In the service of the Lord,
Christian.
Luther's; I could not come up with something like that. I wanted to find the quote for you, but had no success on Google. It was from an audio tape series by Michael Horton.
All that you said is typical back and forth here.
Even if the "reason" is "God's purpose" or "the secret councel of God" it is still a reason....and proof that there is no number generator in the sky.
The bible question is whether there is bible information that discloses what it is.
What do you think it is?
If you find it, please let me know.
It summarizes long posts that I've made here and in the past in just a few short words.
***Even if the "reason" is "God's purpose" or "the secret councel of God" it is still a reason....and proof that there is no number generator in the sky.

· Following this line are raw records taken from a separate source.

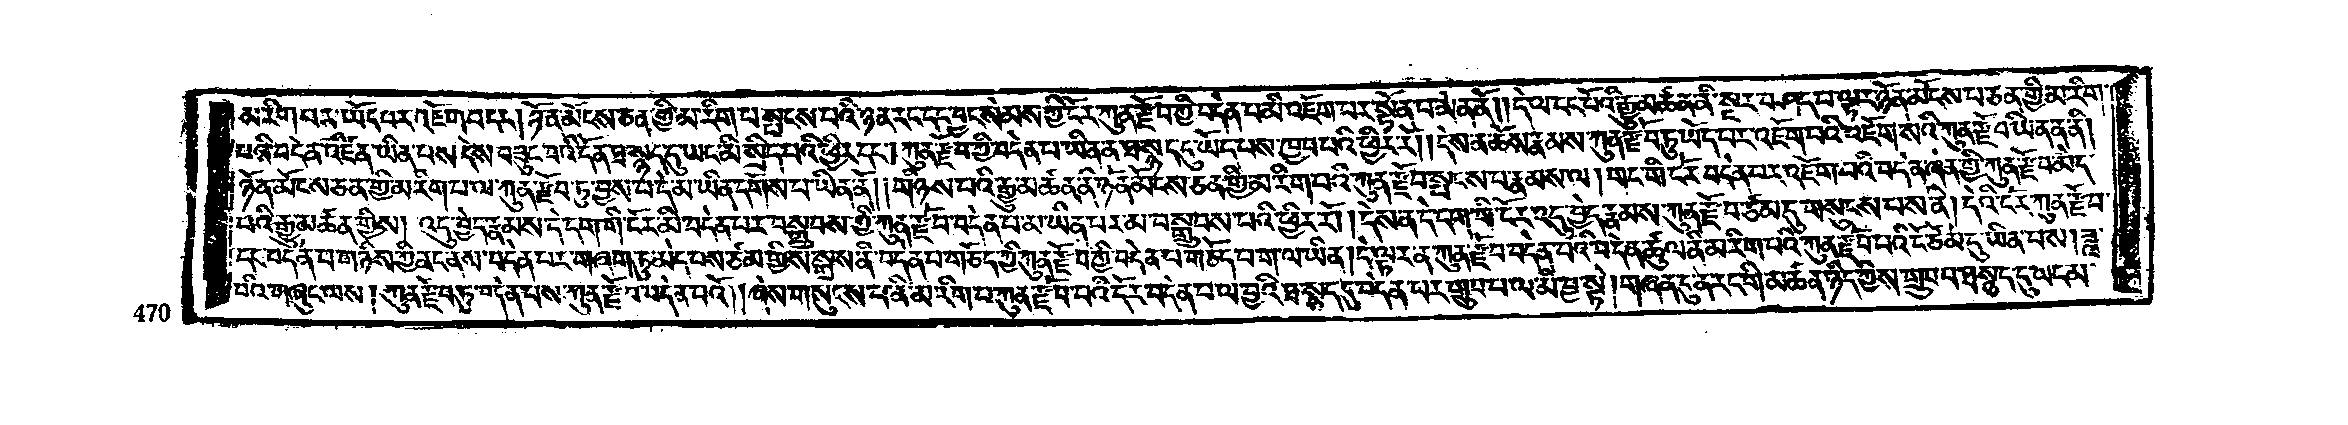མ་རིག་པས་ཡོད་པར་འཇོག་པ་དང་། ཉོན་མོངས་ཅན་གྱི་མ་རིག་པ་སྤངས་པའི་ཉན་རང་དང་བྱང་སེམས་ཀྱི་ངོར་ཀུན་རྫོབ་ཀྱི་བདེན་པ་མི་འཇོག་པར་སྟོན་པ་མིན་ནོ། །དེ་ལ་དང་པོའི་རྒྱུ་མཚན་ནི་སྔར་བཤད་པ་ལྟར་ཉོན་མོངས་པ་ཅན་གྱི་མ་རིག་
པ་ནི་བདེན་འཛིན་ཡིན་པས་ངེས་བཟུང་བའི་དོན་ཐ་སྙད་དུ་ཡང་མི་སྲིད་པའི་ཕྱིར་དང་། ཀུན་རྫོབ་ཀྱི་བདེན་པ་ཡིན་ན་ཐ་སྙད་དུ་ཡོད་པས་ཁྱབ་པའི་ཕྱིར་རོ། །དེས་ན་ཆོས་རྣམས་ཀུན་རྫོབ་ཏུ་ཡོད་པར་འཇག་པའི་འཇོག་སའི་ཀུན་རྫོབ་ཡིན་ན་ནི།
ཉོན་མོངས་ཅན་གྱི་མ་རིག་པ་ལ་ཀུན་རྫོབ་ཏུ་བྱས་པ་དེ་མ་ཡིན་དགོས་པ་ཡིན་ནོ། །གཉིས་པའི་རྒྱུ་མཚན་ནི་ཉོན་མོངས་ཅན་གྱི་མ་རིག་པའི་ཀུན་རྫོབ་སྤངས་པ་རྣམས་ལ། གང་གི་ངོར་བདེན་པར་འཇོག་པའི་བདེན་ཞེན་གྱི་ཀུན་རྫོབ་མེད་
པའི་རྒྱུ་མཚན་གྱིས། འདུ་བྱེད་རྣམས་དེ་དག་གི་ངོར་མི་བདེན་པར་བསྒྲུབས་ཀྱི་ཀུན་རྫོབ་བདེན་པ་མ་ཡིན་པར་མ་བསྒྲུབས་པའི་ཕྱིར་རོ། །དེས་ན་དེ་དག་གི་ངེས་འདུ་བྱེད་རྣམས་ཀུན་རྫོབ་ཙམ་དུ་གསུངས་པས་ནི། དེའི་ངོར་ཀུན་རྫོབ་
དང་བདེན་པ་གཉིས་ཀྱི་ནང་ནས་བདེན་པར་གཞག་ཏུ་མེད་པས་ཙམ་གྱིས་སྒྲས་ནི་བདེན་པ་གཅོད་ཀྱི་ཀུན་རྫོབ་ཀྱི་བདེན་པ་གཅོད་པ་ག་ལ་ཡིན། དེ་ལྟར་ན་ཀུན་རྫོབ་བདེན་པའི་བདེན་ཚུལ་ནི་མ་རིག་པའི་ཀུན་རྫོབ་པའི་ངོ་ཙམ་དུ་ཡིན་པས། ཟླ་
བའི་གཞུང་ལས། ཀུན་རྫོབ་ཏུ་བདེན་པས་ཀུན་རྫོབ་བདེན་པའོ། །ཞེས་གསུངས་པ་ནི་མ་རིག་པ་ཀུན་རྫོབ་པའི་དོར་བདེན་པ་ལ་བྱའི་ཐ་སྙད་དུ་བདེན་པར་གྲུབ་པ་ལ་མི་བྱ་སྟེ། གཞན་དུ་ན་རང་གི་མཚན་ཉིད་ཀྱིས་གྲུབ་པ་ཐ་སྙད་དུ་ཡང་མི་

The bible question is whether there is bible information that discloses what it is.***
Before I tell you, you have to speak the secret password and show me your ring so I know whether or not you are part of the club where God reveals his secret counsel.
Christian.
Can a person be saved and go to heaven without baptism? First, let us remember that it is God's command that all believers be baptized. That is what should happen, if at all possible. However, if a person believes and has the desire to be baptized, but would die before being baptized, in the mercy of God, we believe that he/she would be saved. Dr. Walter Albrecht, Professor of Dogmatics at Concordia Theological Seminary, Springfield IL, in his 1951 lectures on Francis Pieper's, "Christian Dogmatics," stated, "It is not the absence of Baptism that damns, but the willful rejection of Baptism." This statement is consistent with Jesus words in Mark 16:16, "Whoever believes and is baptized will be saved, but whoever does not believe will be condemned." Clearly it is not believing or the lack of faith that brings God's condemnation.
(emphasis mine). Source: Lutheran Hour Ministries.